Согласно Аристотелю, фабула есть подражание действию, законченному и цельному. Многообразие фабульной основы диктует то или иное развитие формы и ее центральных мотивов (много прекрасного сказано об этом в переписке Гете и Шиллера). Искусству принадлежит главная роль в создании как бы второго мира, сопровождающего человечество на его историческом пути и способного казаться даже чем-то более действительным, чем сама жизнь, - если исключить из нее высшие точки формального развития, ее собственные эпические циклы, ее драмы и комедии.

Неловко делать поправки к Аристотелю, но, принимая во внимание, что со времен его "Поэтики" прошло более двух тысяч лет, можно, кажется, дополнить аристотелевское определение, сказав, что фабула есть воспроизведение действия, в котором отражается определенный цикл исторической реальности, ее относительно законченное мировое состояние. В основе каждой фабулы, излучающей поэзию, лежит сочетание фактов, превратившееся в некую прегнантную всеобщую ситуацию, способную означать кроме себя многое другое и быть, таким образом, эквивалентной формой других, относительных и рассеянных фактов данного круга явлений, подобно тому как деньги - это всеобщий товар, эквивалентный всякому явлению товарного мира, причем собственная материальная потребительская ценность этого товара отступает на задний план перед его всеобщим идеальным значением.
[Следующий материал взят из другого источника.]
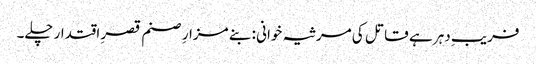
فریبِ دہر ہے قاتل کی مرثیہ خوانی : بنے مزارِ صنم قصرِ اقتدار چلے۔
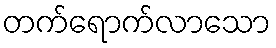
တက်ရောက်လာသော
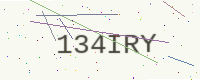
Text: 134IRY
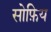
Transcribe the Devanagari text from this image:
सोफ़िय
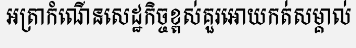
អត្រាកំណើនសេដ្ឋកិច្ចខ្ពស់គួរអោយកត់សម្គាល់
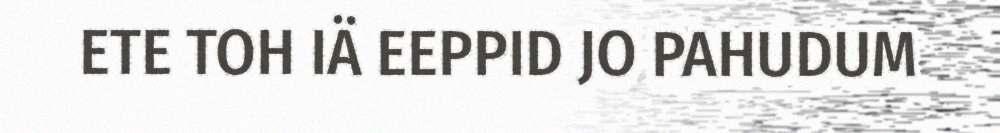
ETE TOH IÄ EEPPID JO PAHUDUM
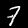
Digit: 7
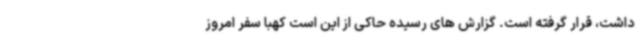
داشت، قرار گرفته است. گزارش های رسیده حاکی از این است کهبا سفر امروز
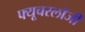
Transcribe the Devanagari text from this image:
फ्यूचरलॉजी
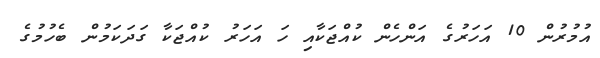
އުމުރުން 10 އަހަރުގެ އަންހެން ކުއްޖަކާއި ހަ އަހަރު ކުއްޖަކާ ގަދަކަމުން ބެެހުމުގެ
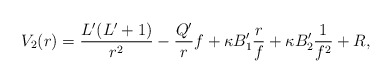
\begin{align*} V_2(r) = \frac{L'(L'+1)}{r^2} - \frac{Q'}{r}f + \kappa B'_1 \frac{r}{f} + \kappa B'_2 \frac{1}{f^2} + R,\end{align*}

Так, бытовые сцены в доме Фамусовых, сами по себе незначительные, даже если прибавить к ним гневные тирады Чацкого против "реакционного дворянства" (и оскорбленную психологию более родовитой аристократии), сложились в богатую содержанием фабулу, они приняли форму всеобщего эквивалента, способного обмениваться в нашем сознании на множество других, требующих себе слово положений. Так, если взять другой пример, ворона и лисица - носители более общего "натурального смысла" жизненных отношений, а то, что действие перенесено в царство животных, только подчеркивает разницу между случайной массой фактов обыденной человеческой жизни, в которой этот смысл ощущается неясно, и эквивалентным ей миром всеобщих форм, тоже реальных, но "подтасованных" самой жизнью. Любая связь фактов, превратившаяся в фабулу, богатую смыслом, подтверждает мысль Гете: "Все преходящее есть только притча".
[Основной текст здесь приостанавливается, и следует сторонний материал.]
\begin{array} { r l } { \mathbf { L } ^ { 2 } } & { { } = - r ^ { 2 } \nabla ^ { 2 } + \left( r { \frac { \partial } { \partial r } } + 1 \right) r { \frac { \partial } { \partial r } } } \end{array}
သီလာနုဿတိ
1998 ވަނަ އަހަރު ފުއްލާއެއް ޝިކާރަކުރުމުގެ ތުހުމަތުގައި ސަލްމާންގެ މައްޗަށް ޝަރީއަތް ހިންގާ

Да, но фабула есть нечто, доступное всем, говорит нам наше обывательское сознание, - главное же состоит в том, как она обработана пером мастера. Это не совсем так. Во-первых, история колумбова яйца показывает, что общедоступные решения даются не так просто. Во-вторых, что такое литературная форма, секрет мастерства? Это, если позволите, микрофабула или множество таких микрофабул разного уровня и значения. В "Горе от ума" богатство подчиненных моментов драматического содержания, имеющих свою формальную закономерность, бросается в глаза. Кроме общей фабулы, определяющей главные мотивы пьесы, мы замечаем в ней множество других, менее обширных. Как обрисованы характеры фамусовского общества, как верны эти изображения! Однако характеры Грибоедова также имеют законченные, "подтасованные" человеческие формы. Каждая группа гостей в доме Фамусова - новая фабула. Вот чета Горичей - бывший гусар, обабившийся до состояния "московского мужа" со своей супругой, определяющей, чего ему хочется и что у него болит, фамилия князей Тугоуховых с их шестью московскими невестами, графиня-бабушка, графиня-внучка, старуха Хлестова, Антон Антонович Загорецкий - каждую фигуру можно прочесть как повесть. А сам Фамусов, его манера вести дела, попутно рассказанная, его продуманная система покровительства родственникам, его воспоминания о супружеской жизни, в которой ему частенько доставалась роль обманутого мужа, его соображения насчет вдовы, которая вот-вот должна родить, и паче всего его удовлетворение собой как образцом и своей московской средой как центром мироздания - все это вплоть до отдельного точно сказанного слова есть множество мелких и мельчайших микрофабул, лепящих со всех сторон его дородный монумент. Каждый мотив - не прочитанная до конца повесть, каждое слово - сокращенный рассказ. И все это в рамках основной темы пьесы, ее макрофабулы, о которой речь впереди. Разумеется, наши ученые термины сами по себе не имеют никакой важности и употребляются здесь не вполне серьезно. Можно было бы найти и другие слова.